NEW Morgan Stanley, 640 x 640, not from Bloomberg
Morgan Stanley is rolling out cryptocurrency trading on its E*Trade platform with a dig at rivals: cheaper pricing.
The Wall Street bank is charging clients 50 basis points on the dollar value of each crypto transaction — undercutting Coinbase Global Inc., the biggest crypto exchange in the U.S., as well as Robinhood Markets Inc. and Charles Schwab Corp. The offering is in pilot now, with all of E*Trade's 8.6 million clients set to gain access later this year.
The launch is Morgan Stanley's latest volley in what executives describe as a road map to soak up share in an asset class that was, until recently, all but off limits for banks. The firm is betting traditional finance and so-called decentralized finance, or "defi," will converge, and is building out crypto-related offerings across its business lines to lure customers who previously had to go elsewhere.
"This is much bigger than trading crypto at a cheaper rate," Jed Finn, Morgan Stanley's head of wealth management, said in an interview. "In a way, the strategy is disintermediating the disintermediators."
After years of intense regulatory scrutiny, President Donald Trump's second term ushered in a new era for the digital asset industry. During his campaign, he vowed to make the U.S. the "crypto capital of the planet." That extended to banks, which had been subject to regulatory measures discouraging them from doing much in the space up until recently.
Inside Morgan Stanley, discussions on how to expand in crypto have ebbed and flowed for years. Efforts to stand up various offerings at times collided with price crashes that sapped client interest, as well as regulatory pushback.
After Trump won the 2024 election, talks on how to expand in the space gained momentum once more. Executives decided to offer spot trading on E*Trade and set out making plans to do so last year. In September, Morgan Stanley said it would partner with crypto infrastructure provider Zerohash to let clients trade popular coins, beginning with Bitcoin, Ether and Solana.
Cheaper Pricing
Morgan Stanley's 50-basis-point pricing is about half of Robinhood's, which starts at 95 basis points. Coinbase's fees start at 60 basis points, and Schwab said last month it will charge 75 basis points.
Spot trading on E*Trade is just one of the inroads Morgan Stanley has made into the crypto space over the last year or so. It debuted a Bitcoin exchange-traded fund last month — the first Wall Street bank to do so — and made it the cheapest fund in the category.

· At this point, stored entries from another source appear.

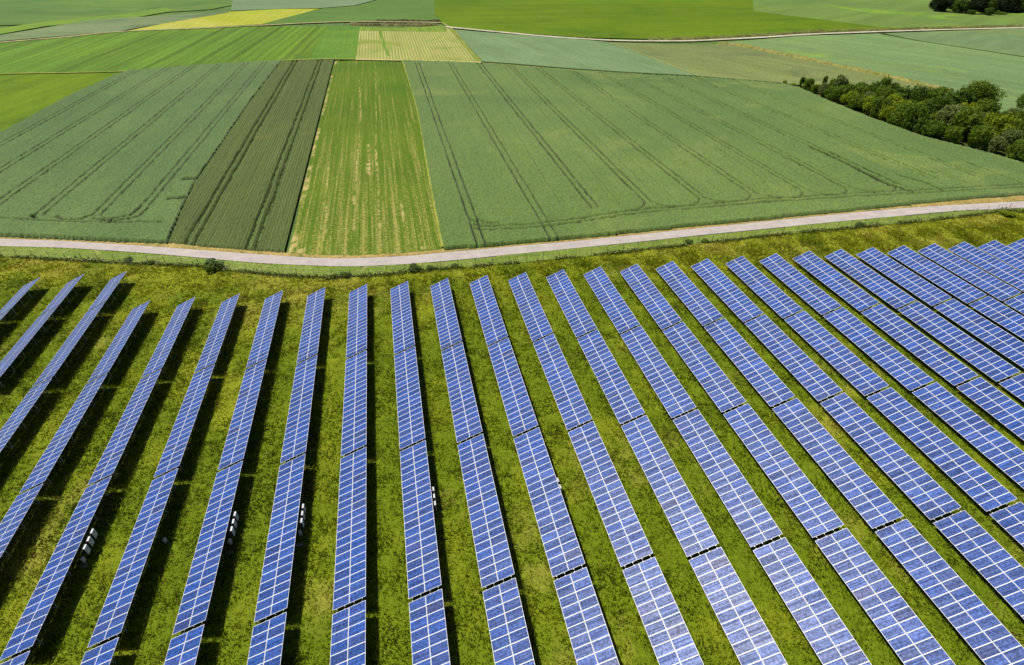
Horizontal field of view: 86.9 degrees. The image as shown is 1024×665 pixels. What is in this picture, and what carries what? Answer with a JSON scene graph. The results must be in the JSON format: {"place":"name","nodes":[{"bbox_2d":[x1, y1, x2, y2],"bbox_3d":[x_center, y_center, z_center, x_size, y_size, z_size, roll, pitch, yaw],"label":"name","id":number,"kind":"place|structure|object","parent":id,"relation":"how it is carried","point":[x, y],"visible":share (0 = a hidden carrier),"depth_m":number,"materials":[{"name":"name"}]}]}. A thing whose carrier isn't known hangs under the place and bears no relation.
{"place":"outdoors","nodes":[
{"label":"outdoors","id":0,"kind":"place"},
{"bbox_2d":[0,72,119,131],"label":"grass field","id":1,"kind":"structure","parent":0,"point":[23,96],"depth_m":228.90,"materials":[{"name":"green plant"}]},
{"bbox_2d":[0,12,228,41],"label":"grey green field","id":2,"kind":"structure","parent":0,"point":[98,26],"depth_m":369.42,"materials":[{"name":"plant"}]},
{"bbox_2d":[0,0,232,25],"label":"dark green field","id":3,"kind":"structure","parent":0,"point":[17,12],"depth_m":452.09,"materials":[{"name":"green plant"}]},
{"bbox_2d":[0,60,280,243],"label":"wheat field","id":4,"kind":"structure","parent":0,"point":[125,156],"depth_m":166.46,"materials":[{"name":"green plant"}]},
{"bbox_2d":[0,26,326,72],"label":"striped meadow","id":5,"kind":"structure","parent":0,"point":[123,51],"depth_m":305.93,"materials":[{"name":"green plant"}]},
{"bbox_2d":[134,9,317,29],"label":"yellow field","id":6,"kind":"structure","parent":0,"point":[249,17],"depth_m":402.55,"materials":[{"name":"yellow plant"}]},
{"bbox_2d":[231,0,373,10],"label":"grey green field","id":7,"kind":"structure","parent":0,"point":[240,5],"depth_m":483.70,"materials":[{"name":"plant"}]},
{"bbox_2d":[262,0,440,24],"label":"green field","id":8,"kind":"structure","parent":0,"point":[398,9],"depth_m":438.62,"materials":[{"name":"green plant"}]},
{"bbox_2d":[356,28,477,61],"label":"row crop field","id":9,"kind":"structure","parent":0,"point":[419,45],"depth_m":319.84,"materials":[{"name":"plant"}]},
{"bbox_2d":[0,211,1023,664],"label":"meadow","id":10,"kind":"structure","parent":0,"point":[542,573],"depth_m":69.94,"materials":[{"name":"plant"}]},
{"bbox_2d":[0,484,42,558],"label":"solar table","id":11,"kind":"object","parent":10,"relation":"on","point":[10,523],"visible":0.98,"depth_m":63.19,"materials":[{"name":"glass"}]},
{"bbox_2d":[0,378,51,469],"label":"solar table","id":12,"kind":"object","parent":10,"relation":"on","point":[16,418],"visible":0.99,"depth_m":76.44,"materials":[{"name":"glass"}]},
{"bbox_2d":[0,306,57,386],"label":"solar table","id":13,"kind":"object","parent":10,"relation":"on","point":[20,345],"visible":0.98,"depth_m":89.46,"materials":[{"name":"glass"}]},
{"bbox_2d":[0,476,111,660],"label":"solar table","id":14,"kind":"object","parent":10,"relation":"on","point":[31,620],"visible":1,"depth_m":57.67,"materials":[{"name":"blue glass"}]},
{"bbox_2d":[19,374,106,492],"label":"solar table","id":15,"kind":"object","parent":10,"relation":"on","point":[41,471],"visible":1,"depth_m":73.14,"materials":[{"name":"blue glass"}]},
{"bbox_2d":[32,303,103,386],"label":"solar table","id":16,"kind":"object","parent":10,"relation":"on","point":[61,355],"visible":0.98,"depth_m":88.68,"materials":[{"name":"glass"}]},
{"bbox_2d":[87,300,149,382],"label":"solar table","id":17,"kind":"object","parent":10,"relation":"on","point":[108,359],"visible":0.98,"depth_m":89.52,"materials":[{"name":"glass"}]},
{"bbox_2d":[87,369,161,485],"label":"solar table","id":18,"kind":"object","parent":10,"relation":"on","point":[114,449],"visible":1,"depth_m":74.23,"materials":[{"name":"blue glass"}]},
{"bbox_2d":[87,468,177,647],"bbox_3d":[-41.623,24.355,60.667,3.560,2.850,20.482,-7,38,-10],"label":"solar table","id":19,"kind":"object","parent":10,"relation":"on","point":[115,610],"visible":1,"depth_m":58.75,"materials":[{"name":"blue glass"}]},
{"bbox_2d":[141,297,194,377],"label":"solar table","id":20,"kind":"object","parent":10,"relation":"on","point":[164,347],"visible":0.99,"depth_m":90.48,"materials":[{"name":"glass"}]},
{"bbox_2d":[154,364,214,477],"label":"solar table","id":21,"kind":"object","parent":10,"relation":"on","point":[174,449],"visible":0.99,"depth_m":75.21,"materials":[{"name":"blue glass"}]},
{"bbox_2d":[164,624,204,664],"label":"solar table","id":22,"kind":"object","parent":10,"relation":"on","point":[183,648],"visible":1,"depth_m":51.83,"materials":[{"name":"glass"}]},
{"bbox_2d":[172,461,242,634],"bbox_3d":[-34.013,23.674,61.686,3.560,2.849,20.482,-7,38,-10],"label":"solar table","id":23,"kind":"object","parent":10,"relation":"on","point":[196,599],"visible":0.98,"depth_m":59.76,"materials":[{"name":"blue glass"}]},
{"bbox_2d":[194,293,239,372],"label":"solar table","id":24,"kind":"object","parent":10,"relation":"on","point":[212,347],"visible":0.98,"depth_m":91.64,"materials":[{"name":"glass"}]},
{"bbox_2d":[218,359,266,469],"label":"solar table","id":25,"kind":"object","parent":10,"relation":"on","point":[234,449],"visible":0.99,"depth_m":76.22,"materials":[{"name":"blue glass"}]},
{"bbox_2d":[246,290,282,367],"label":"solar table","id":26,"kind":"object","parent":10,"relation":"on","point":[260,348],"visible":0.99,"depth_m":92.57,"materials":[{"name":"glass"}]},
{"bbox_2d":[247,612,286,664],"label":"solar table","id":27,"kind":"object","parent":10,"relation":"on","point":[266,643],"visible":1,"depth_m":52.33,"materials":[{"name":"glass"}]},
{"bbox_2d":[254,454,305,622],"bbox_3d":[-26.401,22.994,62.705,3.561,2.847,20.482,-7,38,-10],"label":"solar table","id":28,"kind":"object","parent":10,"relation":"on","point":[273,594],"visible":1,"depth_m":60.79,"materials":[{"name":"blue glass"}]},
{"bbox_2d":[280,355,316,462],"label":"solar table","id":29,"kind":"object","parent":10,"relation":"on","point":[297,424],"visible":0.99,"depth_m":77.24,"materials":[{"name":"blue glass"}]},
{"bbox_2d":[297,287,324,362],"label":"solar table","id":30,"kind":"object","parent":10,"relation":"on","point":[309,340],"visible":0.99,"depth_m":93.59,"materials":[{"name":"glass"}]},
{"bbox_2d":[330,600,365,664],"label":"solar table","id":31,"kind":"object","parent":10,"relation":"on","point":[348,639],"visible":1,"depth_m":52.81,"materials":[{"name":"blue glass"}]},
{"bbox_2d":[333,447,365,609],"bbox_3d":[-18.788,22.311,63.722,3.562,2.849,20.482,-7,38,-10],"label":"solar table","id":32,"kind":"object","parent":10,"relation":"on","point":[350,576],"visible":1,"depth_m":61.80,"materials":[{"name":"blue glass"}]},
{"bbox_2d":[341,350,366,455],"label":"solar table","id":33,"kind":"object","parent":10,"relation":"on","point":[354,433],"visible":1,"depth_m":78.29,"materials":[{"name":"blue glass"}]},
{"bbox_2d":[346,284,366,358],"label":"solar table","id":34,"kind":"object","parent":10,"relation":"on","point":[357,326],"visible":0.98,"depth_m":94.56,"materials":[{"name":"glass"}]},
{"bbox_2d":[390,281,414,353],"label":"solar table","id":35,"kind":"object","parent":10,"relation":"on","point":[401,308],"visible":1,"depth_m":95.67,"materials":[{"name":"glass"}]},
{"bbox_2d":[394,346,424,448],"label":"solar table","id":36,"kind":"object","parent":10,"relation":"on","point":[406,373],"visible":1,"depth_m":79.31,"materials":[{"name":"blue glass"}]},
{"bbox_2d":[400,440,441,598],"bbox_3d":[-11.176,21.630,64.741,3.560,2.849,20.482,-7,38,-10],"label":"solar table","id":37,"kind":"object","parent":10,"relation":"on","point":[415,475],"visible":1,"depth_m":62.90,"materials":[{"name":"blue glass"}]},
{"bbox_2d":[409,589,449,664],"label":"solar table","id":38,"kind":"object","parent":10,"relation":"on","point":[435,637],"visible":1,"depth_m":53.29,"materials":[{"name":"blue glass"}]},
{"bbox_2d":[430,278,461,349],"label":"solar table","id":39,"kind":"object","parent":10,"relation":"on","point":[443,302],"visible":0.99,"depth_m":96.73,"materials":[{"name":"glass"}]},
{"bbox_2d":[441,342,481,442],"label":"solar table","id":40,"kind":"object","parent":10,"relation":"on","point":[458,379],"visible":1,"depth_m":80.38,"materials":[{"name":"blue glass"}]},
{"bbox_2d":[458,434,514,587],"bbox_3d":[-3.565,20.948,65.759,3.558,2.851,20.482,-7,38,-10],"label":"solar table","id":41,"kind":"object","parent":10,"relation":"on","point":[494,561],"visible":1,"depth_m":63.92,"materials":[{"name":"blue glass"}]},
{"bbox_2d":[470,275,507,345],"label":"solar table","id":42,"kind":"object","parent":10,"relation":"on","point":[493,314],"visible":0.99,"depth_m":97.72,"materials":[{"name":"glass"}]},
{"bbox_2d":[483,578,534,664],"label":"solar table","id":43,"kind":"object","parent":10,"relation":"on","point":[519,652],"visible":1,"depth_m":53.76,"materials":[{"name":"blue glass"}]},
{"bbox_2d":[488,338,537,435],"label":"solar table","id":44,"kind":"object","parent":10,"relation":"on","point":[526,419],"visible":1,"depth_m":81.40,"materials":[{"name":"blue glass"}]},
{"bbox_2d":[508,272,552,341],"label":"solar table","id":45,"kind":"object","parent":10,"relation":"on","point":[542,324],"visible":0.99,"depth_m":98.74,"materials":[{"name":"glass"}]},
{"bbox_2d":[514,427,584,576],"bbox_3d":[4.047,20.268,66.778,3.558,2.847,20.482,-7,38,-10],"label":"solar table","id":46,"kind":"object","parent":10,"relation":"on","point":[569,549],"visible":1,"depth_m":64.97,"materials":[{"name":"blue glass"}]},
{"bbox_2d":[533,333,591,429],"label":"solar table","id":47,"kind":"object","parent":10,"relation":"on","point":[579,409],"visible":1,"depth_m":82.44,"materials":[{"name":"blue glass"}]},
{"bbox_2d":[546,269,596,337],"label":"solar table","id":48,"kind":"object","parent":10,"relation":"on","point":[575,311],"visible":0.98,"depth_m":99.75,"materials":[{"name":"glass"}]},
{"bbox_2d":[554,567,619,664],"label":"solar table","id":49,"kind":"object","parent":10,"relation":"on","point":[595,626],"visible":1,"depth_m":54.22,"materials":[{"name":"blue glass"}]},
{"bbox_2d":[568,421,652,566],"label":"solar table","id":50,"kind":"object","parent":10,"relation":"on","point":[631,527],"visible":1,"depth_m":66.02,"materials":[{"name":"blue glass"}]},
{"bbox_2d":[577,329,644,423],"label":"solar table","id":51,"kind":"object","parent":10,"relation":"on","point":[633,408],"visible":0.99,"depth_m":83.48,"materials":[{"name":"blue glass"}]},
{"bbox_2d":[584,266,639,333],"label":"solar table","id":52,"kind":"object","parent":10,"relation":"on","point":[610,300],"visible":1,"depth_m":100.80,"materials":[{"name":"glass"}]},
{"bbox_2d":[620,264,681,329],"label":"solar table","id":53,"kind":"object","parent":10,"relation":"on","point":[647,292],"visible":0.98,"depth_m":101.83,"materials":[{"name":"glass"}]},
{"bbox_2d":[621,325,695,417],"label":"solar table","id":54,"kind":"object","parent":10,"relation":"on","point":[666,386],"visible":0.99,"depth_m":84.50,"materials":[{"name":"blue glass"}]},
{"bbox_2d":[622,557,703,664],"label":"solar table","id":55,"kind":"object","parent":10,"relation":"on","point":[681,643],"visible":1,"depth_m":54.66,"materials":[{"name":"blue glass"}]},
{"bbox_2d":[621,415,718,556],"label":"solar table","id":56,"kind":"object","parent":10,"relation":"on","point":[697,523],"visible":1,"depth_m":67.08,"materials":[{"name":"blue glass"}]},
{"bbox_2d":[656,261,722,325],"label":"solar table","id":57,"kind":"object","parent":10,"relation":"on","point":[691,296],"visible":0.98,"depth_m":102.87,"materials":[{"name":"glass"}]},
{"bbox_2d":[663,322,745,411],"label":"solar table","id":58,"kind":"object","parent":10,"relation":"on","point":[709,373],"visible":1,"depth_m":85.53,"materials":[{"name":"blue glass"}]},
{"bbox_2d":[691,259,762,321],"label":"solar table","id":59,"kind":"object","parent":10,"relation":"on","point":[731,294],"visible":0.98,"depth_m":103.90,"materials":[{"name":"glass"}]},
{"bbox_2d":[673,409,781,546],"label":"solar table","id":60,"kind":"object","parent":10,"relation":"on","point":[754,507],"visible":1,"depth_m":68.09,"materials":[{"name":"blue glass"}]},
{"bbox_2d":[689,547,787,664],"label":"solar table","id":61,"kind":"object","parent":10,"relation":"on","point":[732,624],"visible":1,"depth_m":55.11,"materials":[{"name":"blue glass"}]},
{"bbox_2d":[704,318,794,406],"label":"solar table","id":62,"kind":"object","parent":10,"relation":"on","point":[772,388],"visible":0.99,"depth_m":86.55,"materials":[{"name":"blue glass"}]},
{"bbox_2d":[726,256,802,317],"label":"solar table","id":63,"kind":"object","parent":10,"relation":"on","point":[763,287],"visible":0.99,"depth_m":104.94,"materials":[{"name":"glass"}]},
{"bbox_2d":[723,404,843,537],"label":"solar table","id":64,"kind":"object","parent":10,"relation":"on","point":[753,431],"visible":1,"depth_m":69.13,"materials":[{"name":"blue glass"}]},
{"bbox_2d":[745,314,842,400],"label":"solar table","id":65,"kind":"object","parent":10,"relation":"on","point":[814,380],"visible":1,"depth_m":87.62,"materials":[{"name":"blue glass"}]},
{"bbox_2d":[759,253,840,314],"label":"solar table","id":66,"kind":"object","parent":10,"relation":"on","point":[819,300],"visible":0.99,"depth_m":105.97,"materials":[{"name":"glass"}]},
{"bbox_2d":[753,537,871,664],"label":"solar table","id":67,"kind":"object","parent":10,"relation":"on","point":[811,626],"visible":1,"depth_m":55.53,"materials":[{"name":"blue glass"}]},
{"bbox_2d":[793,251,878,310],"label":"solar table","id":68,"kind":"object","parent":10,"relation":"on","point":[847,290],"visible":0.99,"depth_m":106.98,"materials":[{"name":"blue glass"}]},
{"bbox_2d":[785,311,888,395],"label":"solar table","id":69,"kind":"object","parent":10,"relation":"on","point":[856,372],"visible":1,"depth_m":88.61,"materials":[{"name":"blue glass"}]},
{"bbox_2d":[773,398,903,528],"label":"solar table","id":70,"kind":"object","parent":10,"relation":"on","point":[805,427],"visible":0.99,"depth_m":70.17,"materials":[{"name":"blue glass"}]},
{"bbox_2d":[825,249,915,308],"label":"solar table","id":71,"kind":"object","parent":10,"relation":"on","point":[891,294],"visible":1,"depth_m":107.82,"materials":[{"name":"blue glass"}]},
{"bbox_2d":[823,307,933,390],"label":"solar table","id":72,"kind":"object","parent":10,"relation":"on","point":[909,375],"visible":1,"depth_m":89.66,"materials":[{"name":"blue glass"}]},
{"bbox_2d":[815,528,954,664],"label":"solar table","id":73,"kind":"object","parent":10,"relation":"on","point":[913,627],"visible":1,"depth_m":55.95,"materials":[{"name":"blue glass"}]},
{"bbox_2d":[820,392,960,519],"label":"solar table","id":74,"kind":"object","parent":10,"relation":"on","point":[924,492],"visible":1,"depth_m":71.21,"materials":[{"name":"blue glass"}]},
{"bbox_2d":[857,247,950,305],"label":"solar table","id":75,"kind":"object","parent":10,"relation":"on","point":[917,286],"visible":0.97,"depth_m":108.61,"materials":[{"name":"blue glass"}]},
{"bbox_2d":[861,304,977,385],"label":"solar table","id":76,"kind":"object","parent":10,"relation":"on","point":[951,369],"visible":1,"depth_m":90.67,"materials":[{"name":"blue glass"}]},
{"bbox_2d":[888,245,986,302],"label":"solar table","id":77,"kind":"object","parent":10,"relation":"on","point":[959,288],"visible":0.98,"depth_m":109.47,"materials":[{"name":"blue glass"}]},
{"bbox_2d":[867,387,1016,511],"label":"solar table","id":78,"kind":"object","parent":10,"relation":"on","point":[970,477],"visible":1,"depth_m":72.25,"materials":[{"name":"blue glass"}]},
{"bbox_2d":[875,519,1023,664],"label":"solar table","id":79,"kind":"object","parent":10,"relation":"on","point":[897,537],"visible":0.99,"depth_m":56.46,"materials":[{"name":"blue glass"}]},
{"bbox_2d":[898,301,1019,381],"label":"solar table","id":80,"kind":"object","parent":10,"relation":"on","point":[989,363],"visible":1,"depth_m":91.49,"materials":[{"name":"blue glass"}]},
{"bbox_2d":[912,382,1023,488],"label":"solar table","id":81,"kind":"object","parent":10,"relation":"on","point":[1003,453],"visible":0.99,"depth_m":75.39,"materials":[{"name":"blue glass"}]},
{"bbox_2d":[918,243,1020,300],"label":"solar table","id":82,"kind":"object","parent":10,"relation":"on","point":[980,278],"visible":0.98,"depth_m":110.25,"materials":[{"name":"blue glass"}]},
{"bbox_2d":[933,510,1023,618],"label":"solar table","id":83,"kind":"object","parent":10,"relation":"on","point":[987,561],"visible":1,"depth_m":60.23,"materials":[{"name":"blue glass"}]},
{"bbox_2d":[934,298,1023,367],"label":"solar table","id":84,"kind":"object","parent":10,"relation":"on","point":[1003,342],"visible":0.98,"depth_m":94.42,"materials":[{"name":"blue glass"}]},
{"bbox_2d":[948,242,1023,291],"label":"solar table","id":85,"kind":"object","parent":10,"relation":"on","point":[1003,271],"visible":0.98,"depth_m":113.16,"materials":[{"name":"glass"}]},
{"bbox_2d":[956,377,1023,439],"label":"solar table","id":86,"kind":"object","parent":10,"relation":"on","point":[994,402],"visible":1,"depth_m":79.70,"materials":[{"name":"blue glass"}]},
{"bbox_2d":[969,296,1023,338],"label":"solar table","id":87,"kind":"object","parent":10,"relation":"on","point":[1009,319],"visible":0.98,"depth_m":98.36,"materials":[{"name":"glass"}]},
{"bbox_2d":[978,240,1023,271],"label":"solar table","id":88,"kind":"object","parent":10,"relation":"on","point":[1006,254],"visible":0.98,"depth_m":116.97,"materials":[{"name":"glass"}]},
{"bbox_2d":[989,502,1023,546],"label":"solar table","id":89,"kind":"object","parent":10,"relation":"on","point":[1010,518],"visible":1,"depth_m":64.25,"materials":[{"name":"glass"}]},
{"bbox_2d":[0,201,1023,266],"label":"road","id":90,"kind":"structure","parent":0,"point":[360,262],"depth_m":120.29,"materials":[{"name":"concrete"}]},
{"bbox_2d":[0,0,1023,252],"bbox_3d":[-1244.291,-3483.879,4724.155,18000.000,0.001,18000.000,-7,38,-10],"label":"ground","id":91,"kind":"structure","parent":0,"point":[292,226],"depth_m":345.75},
{"bbox_2d":[0,7,173,34],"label":"lime strip","id":92,"kind":"object","parent":91,"relation":"on","point":[6,30],"visible":1,"depth_m":391.49,"materials":[{"name":"plant"}]},
{"bbox_2d":[168,60,333,252],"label":"barley strip","id":93,"kind":"object","parent":91,"relation":"on","point":[231,220],"visible":1,"depth_m":155.72,"materials":[{"name":"green plant"}]},
{"bbox_2d":[310,26,359,60],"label":"grass paddock","id":94,"kind":"object","parent":91,"relation":"on","point":[338,41],"depth_m":325.48,"materials":[{"name":"plant"}]},
{"bbox_2d":[289,60,442,255],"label":"fallow strip","id":95,"kind":"object","parent":91,"relation":"on","point":[366,189],"visible":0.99,"depth_m":155.17,"materials":[{"name":"green plant"}]},
{"bbox_2d":[0,208,1023,277],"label":"mown verge","id":96,"kind":"structure","parent":91,"relation":"on","point":[275,267],"depth_m":116.99,"materials":[{"name":"green plant"}]},
{"bbox_2d":[0,207,1023,279],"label":"fence weeds","id":97,"kind":"object","parent":96,"relation":"on","point":[479,264],"visible":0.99,"depth_m":114.53,"materials":[{"name":"green plant"}]},
{"bbox_2d":[0,195,1023,257],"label":"dry verge","id":98,"kind":"structure","parent":91,"relation":"on","point":[970,201],"depth_m":121.44,"materials":[{"name":"plant"}]},
{"bbox_2d":[455,30,695,75],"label":"distant wheat field","id":99,"kind":"structure","parent":0,"point":[544,51],"depth_m":305.03,"materials":[{"name":"green plant"}]},
{"bbox_2d":[434,0,884,38],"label":"bright grass field","id":100,"kind":"structure","parent":0,"point":[628,19],"depth_m":424.90,"materials":[{"name":"green plant"}]},
{"bbox_2d":[403,60,1023,250],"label":"wheat field","id":101,"kind":"structure","parent":0,"point":[516,154],"depth_m":167.25,"materials":[{"name":"green plant"}]},
{"bbox_2d":[445,26,1023,41],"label":"gravel road","id":102,"kind":"structure","parent":0,"point":[728,38],"depth_m":362.96,"materials":[{"name":"gravel"}]},
{"bbox_2d":[612,42,931,88],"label":"olive crop field","id":103,"kind":"structure","parent":0,"point":[721,61],"depth_m":284.94,"materials":[{"name":"green plant"}]},
{"bbox_2d":[646,25,1023,39],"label":"grass bank","id":104,"kind":"structure","parent":0,"point":[808,32],"depth_m":376.70,"materials":[{"name":"plant"}]},
{"bbox_2d":[717,41,953,90],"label":"straw bank","id":105,"kind":"structure","parent":0,"point":[899,78],"depth_m":284.78,"materials":[{"name":"plant"}]},
{"bbox_2d":[730,34,1023,112],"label":"distant wheat field","id":106,"kind":"structure","parent":0,"point":[956,68],"depth_m":302.40,"materials":[{"name":"green plant"}]},
{"bbox_2d":[753,0,1023,27],"bbox_3d":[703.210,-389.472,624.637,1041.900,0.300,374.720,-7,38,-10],"label":"pale green field","id":107,"kind":"structure","parent":0,"point":[899,13],"depth_m":466.19,"materials":[{"name":"green plant"}]},
{"bbox_2d":[885,28,1023,55],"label":"field","id":108,"kind":"structure","parent":0,"point":[1008,41],"depth_m":361.02,"materials":[{"name":"green plant"}]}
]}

Executives are readying an offering for clients to convert crypto into shares of exchange-traded products without having to sell the assets first, according to people familiar with the matter who asked not to be named discussing non-public information. On the institutional side, Morgan Stanley plans to add the ability to trade tokenized equities in the second half of this year.
After the financial crisis, executives reshaped Morgan Stanley into a wealth-management powerhouse less reliant on the traditional Wall Street businesses of trading and investment banking. Its $13 billion purchase of E*Trade in 2020 was a major push into the retail market, which came with a new suite of rivals in the digital brokerage space.
One of them, Robinhood, was a financial-technology startup able to move faster into crypto than federally regulated banks. It began offering crypto trading in 2018, and last year made $901 million in crypto transaction-based revenue — 20% of its annual net revenue.
And that was just a fraction of Coinbase's haul: that firm pulled in $3.32 billion in consumer transaction revenue in 2025. Bitcoin and Ether transactions made up 45% of Coinbase's total trading volume last year.
Coinbase survived industry upheaval a few years ago, including the collapse of rival FTX, to become the biggest crypto exchange in the US. Now its roster of competitors has swelled to include traditional banks and other financial firms previously unable to do much in the space.
"It's going to be a very competitive in the next couple of years, particularly given the regulatory moats are drying up," Finn said.